Bower attempted to show through his devotion to family, friends and his religion that violence was inconsistent with his peaceful character. The second special issue clearly encompasses considerations such as these. Bower’s love for family and friends and his religious devotion were not circumstances of his character which contributed to the four murders.

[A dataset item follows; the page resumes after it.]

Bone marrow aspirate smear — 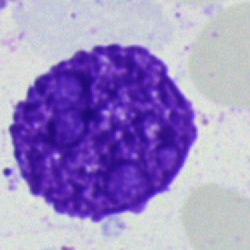 Morphological class = artifact.

Moreover, we perceive no long held belief by the American people that those lawfully convicted of murder who have strong devotion to family, friends and religion are less culpable or blameworthy than those who murder and have no such excuse.12 Therefore, the statutory special issues provided an adequate vehicle for the jury’s consideration of his mitigating evidence and no instruction regarding the evidence was necessary.
Accordingly, we deny the requested relief.13
MILLER and MALONEY, JJ., concur in the result.. See Article 11.07, V.A.C.C.P.
. Bower v. State, 769 S.W.2d 887 (Tex.Crim.App.), cert. denied, 492 U.S. 927, 109 S.Ct. 3266, 106 L.Ed.2d 611 (1989).
. TEX.CRIM.PROC.CODE ANN. art. 37.071 (Vernon 1990).
. Penry v. Lynaugh, 492 U.S. 302, 109 S.Ct. 2934, 106 L.Ed.2d 256 (1989).
. Id. 492 U.S. at 319, 109 S.Ct. at 2947.
. Id.
. Black v. State, 816 S.W.2d 350 (Tex.Crim.App.1991) (Campbell, J., concurring) (joined by McCormick, P.J., Clinton, Overstreet, Maloney, and Benavides, JJ).
. Quinones v. State, 592 S.W.2d 933, 947 (Tex.Crim.App.), cert. denied, 449 U.S. 893, 101 S.Ct. 256, 66 L.Ed.2d 121 (1980).
. In his writ application, Bower developed additional testimony, which he claims has mitigating effect. However, we granted this writ to determine whether a Penry instruction was necessary in light of the evidence presented at trial. We have only considered the evidence that the jury heard.
. Penry, 109 S.Ct. at 2947 (quoting California v. Brown, 479 U.S. 538, 545, 107 S.Ct. 837, 93 L.Ed.2d 934 (1987) (O'Connor, J., concurring).
. See Ex parte Baldree, 810 S.W.2d 213 (Tex.Crim.App.1991).
. See Richardson v. State, 1991 WL 99949 (Tex.Crim.App., No. 68,934, June 12, 1991) (Bena-vides, J., concurring).
. Applicant’s remaining allegations are denied on the basis of the trial court’s findings of fact and conclusions of law.